Thanks again for your assistance. This forum is an incredible resource thanks to you and all of the people who contribute.

Steve43
- 12th March 2005, 15:53
Well, I'm just not able to get anywhere with this. I have attached C source code for a CCITT-16 Reversed (0x8408) algorithm that gives me what I need, but unfortunately the PIC assembly routine I found doesn't provide the same output. I don't know if anyone is kind enough to take this on but I could really use the assistance. I'd be willing to buy a PIC CRC library to do this but I haven't been able to find such a thing.

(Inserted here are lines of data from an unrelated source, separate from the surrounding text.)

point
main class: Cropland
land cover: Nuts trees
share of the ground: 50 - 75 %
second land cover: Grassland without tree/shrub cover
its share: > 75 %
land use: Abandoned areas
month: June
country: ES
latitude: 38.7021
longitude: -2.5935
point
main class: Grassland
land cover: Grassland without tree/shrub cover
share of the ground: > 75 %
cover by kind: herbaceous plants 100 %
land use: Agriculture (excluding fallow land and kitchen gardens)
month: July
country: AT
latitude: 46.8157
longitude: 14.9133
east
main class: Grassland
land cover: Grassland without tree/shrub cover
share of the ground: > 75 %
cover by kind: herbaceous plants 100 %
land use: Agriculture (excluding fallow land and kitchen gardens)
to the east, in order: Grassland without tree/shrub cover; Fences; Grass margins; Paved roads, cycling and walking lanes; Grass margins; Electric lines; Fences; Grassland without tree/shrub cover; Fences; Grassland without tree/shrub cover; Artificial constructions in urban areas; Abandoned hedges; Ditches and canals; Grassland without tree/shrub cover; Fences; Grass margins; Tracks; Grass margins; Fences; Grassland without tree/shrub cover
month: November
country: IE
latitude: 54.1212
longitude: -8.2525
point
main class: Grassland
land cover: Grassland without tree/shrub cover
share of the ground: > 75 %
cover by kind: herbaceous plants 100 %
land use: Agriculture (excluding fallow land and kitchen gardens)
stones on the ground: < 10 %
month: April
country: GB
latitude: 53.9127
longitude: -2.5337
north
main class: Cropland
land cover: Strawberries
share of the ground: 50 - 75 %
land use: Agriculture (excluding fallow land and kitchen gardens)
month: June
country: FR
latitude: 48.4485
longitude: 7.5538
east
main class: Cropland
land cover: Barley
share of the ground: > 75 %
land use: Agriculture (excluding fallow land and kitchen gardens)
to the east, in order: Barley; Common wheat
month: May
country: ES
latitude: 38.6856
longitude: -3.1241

Would someone like to take a stab at implementing this in PBP? It doesn't really have to be in assembly because speed isn't much of an issue in my application.

Thanks (much) again.

(Note: the attached file is in .RTF format to preserve the source code formatting but has an extension of .txt so I could attach it. Best to open it with Wordpad or other .RTF-aware application.)

Bruce
- 12th March 2005, 17:37
Here ya go..!


Poly con $8408 ' CRC polynomial
I VAR BYTE
pData VAR BYTE
X VAR BYTE
CRC VAR WORD
C_Data VAR WORD
VAL VAR BYTE[3] ' Holds 3 values passed to CRC routiine

VAL[0] = $AA
VAL[1] = $05
VAL[2] = $01

Begin:
CRC = $FFFF
for X = 0 TO 2
pData = VAL[X]
gosub Calc_CRC
next X
CRC = ~CRC
hserout [IHEX CRC.LowByte,IHEX CRC.HighByte,13,10]
pause 1000
goto Begin

Calc_CRC:
C_Data = $00FF & pData
CRC = CRC ^ C_Data
for I = 0 to 7
if CRC.Bit0 = 1 then
CRC = (CRC >> 1) ^ Poly
else
CRC = CRC >> 1
endif
next I
return

I'll let you figure out how to send your original data with the final result, but there's your C-to-BASIC
conversion. Much easier than the assembly routine, but still easier in C....;o]

Steve43
- 13th March 2005, 00:02
Works perfectly! Thanks Bruce, I once again find myself in your debt. Your solution is simple and elegant and is actually a better option for me than what I started out with (although I did learn something by playing with the assembly integration examples.)

Again, this forum is a great resource and thanks to you and the others who help the rest of us over the rough spots...

Bruce
- 13th March 2005, 01:23
You're very welcome. Glad I could help...;o]

I learn a lot here myself. Great resource.